Si la literatura es viaje y el cuento comporta el viaje más corto, el cuento fantástico, increíblemente, copa el viaje más lejano en el tiempo más breve.
Gran ejemplo, literal y literario, es La máquina del tiempo, cuento largo que nos habla de lo que podría pasarle a la humanidad, en plan distópico, revelando la mayor distopía: la ausencia de la humanidad. Y, como el protagonista, en los pasajes finales, la sola visión –onírica o real (¡qué más da que sea real!)– genera tal dolor que es imposible decirnos: «Del hombre no quedará nada. Somos de la misma sustancia que compone el polvo del Universo caprichoso; somos un breve sueño Del de más allá». Es penoso, pero también es fantástico. La ciega regla del hombre que vive –porque simplemente VIVE– es que perdurará, que mejorará, que evolucionará; pero la excepción real a ese pensamiento futuro que esperanza es, digámoslo todos con tristeza, la etérea estancia del hombre en la reglada Tierra.

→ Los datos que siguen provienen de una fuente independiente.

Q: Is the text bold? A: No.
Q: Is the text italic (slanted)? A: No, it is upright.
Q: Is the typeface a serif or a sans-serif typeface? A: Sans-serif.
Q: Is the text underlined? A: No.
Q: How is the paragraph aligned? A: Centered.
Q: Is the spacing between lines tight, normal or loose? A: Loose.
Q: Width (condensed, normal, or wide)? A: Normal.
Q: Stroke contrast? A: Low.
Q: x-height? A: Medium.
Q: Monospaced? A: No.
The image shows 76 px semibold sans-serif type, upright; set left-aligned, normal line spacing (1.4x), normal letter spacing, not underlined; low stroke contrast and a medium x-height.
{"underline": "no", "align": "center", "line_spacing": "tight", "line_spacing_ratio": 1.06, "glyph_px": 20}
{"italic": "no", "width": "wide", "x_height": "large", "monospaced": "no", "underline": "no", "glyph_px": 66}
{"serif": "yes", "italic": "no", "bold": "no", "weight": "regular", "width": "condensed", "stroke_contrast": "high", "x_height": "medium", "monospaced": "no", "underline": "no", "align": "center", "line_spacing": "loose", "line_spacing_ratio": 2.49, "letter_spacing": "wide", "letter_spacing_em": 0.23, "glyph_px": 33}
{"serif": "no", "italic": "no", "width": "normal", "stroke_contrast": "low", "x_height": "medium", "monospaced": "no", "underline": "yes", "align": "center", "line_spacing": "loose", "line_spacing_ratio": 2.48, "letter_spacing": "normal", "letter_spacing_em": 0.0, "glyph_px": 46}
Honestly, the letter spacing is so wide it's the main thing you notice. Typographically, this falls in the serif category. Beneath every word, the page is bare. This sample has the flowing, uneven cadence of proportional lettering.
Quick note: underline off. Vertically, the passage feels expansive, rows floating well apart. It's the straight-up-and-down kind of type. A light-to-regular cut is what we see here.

Y así, para volvernos a la vida presente que nos corresponde, nuestro amable Viajero del Tiempo, que hablaba y hablaba de lo que pasaba allá, lejanamente en el futuro –futuro en la mente siempre más lejano–, de las cosas terribles que a veces sentía en su soledad humana, ese viajero, debemos saberlo, no volverá jamás y en ese «no volverá jamás» se guarda y se perfecciona el hermoso efecto del cuento fantástico que Wells tan bien concitaba.